I remember reading a while back about a study that showed that repeat viewers of a show would come to produce the same facial reactions and neurological activity when they saw their favourite characters as they did when they saw their real life friends. I think the example was the show Friends. (Some extensive googling has failed to uncover the article though, so take my rememberance with a grain of salt!)

This is the real opportunity for home spaces that is being missed; the chance to interface meaningfully with players on social and emotional level. The Tiger's Claw did it for me; also the town at the foot of the tower in the relatively obscure Playstation release Azure Dreams.

The whole of Britannia did a fairly good job in the Ultima series, too: every time I came back I would be greeted by friendly familiar faces, everyone in Britannia knew who I was, it had been largely altered by my past actions, and it was (from VII onwards) full of customisable places that I could fill with my loot, get to know the neighbours, and kill off the people who were getting in the way of my fun. And yet it always, always, retained the capacity to surprise.

Home spaces should be customisable, should express the individual, should offer the player a significantly greater degree of power and security than they have elsewhere in the gameworld, and should be filled with friendly, constantly entertaining characters who retain a continuing capacity to surprise and continued incentives for interacting with them. Home is like Cheers - it's where everybody knows your name.

Duncan: I too noticed the nostalgia factor when writing my post... Given that we're talking about an emotional attachment, it's not wholly suprising that it is clearer in retrospect than in the present tense. Even in the real world, many places I have lived do not seem like home, even though they presumably were at the time; only those which I formed a genuine emotional attachment to seem like home - principally the family home I grew up in, and the places I have lived with my wife.

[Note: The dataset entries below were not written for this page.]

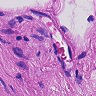
Metastatic tissue present: no
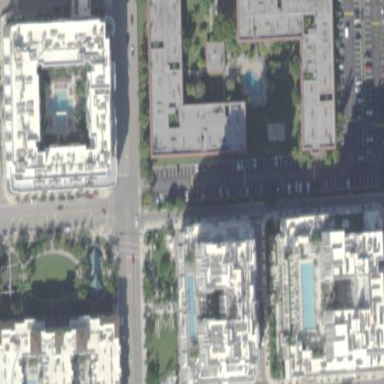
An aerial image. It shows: Image showing building with apartments.
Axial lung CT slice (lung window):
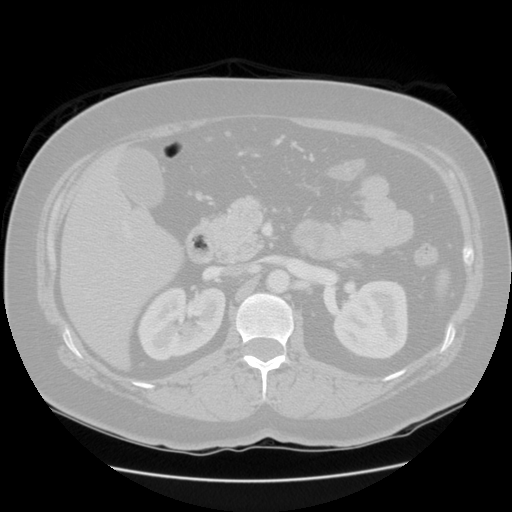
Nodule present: no

Greg: Although I never played Azure Dreams, I really liked its central structure, whereby the player builds a town on behalf of people who live there as a parallel progress structure to the main RPG progression.

Looking at what I cited as home, it's telling that most have significant NPC populations. The ones that don't feel less like home than the others (the GTA airport in particular), which suggests this may indeed be an important psychological factor in establishing 'game home'.

However, I can't help but feel it would be possible to have a hermitage or 'fortress of solitude' home in a game space - especially in a game whose core play was social.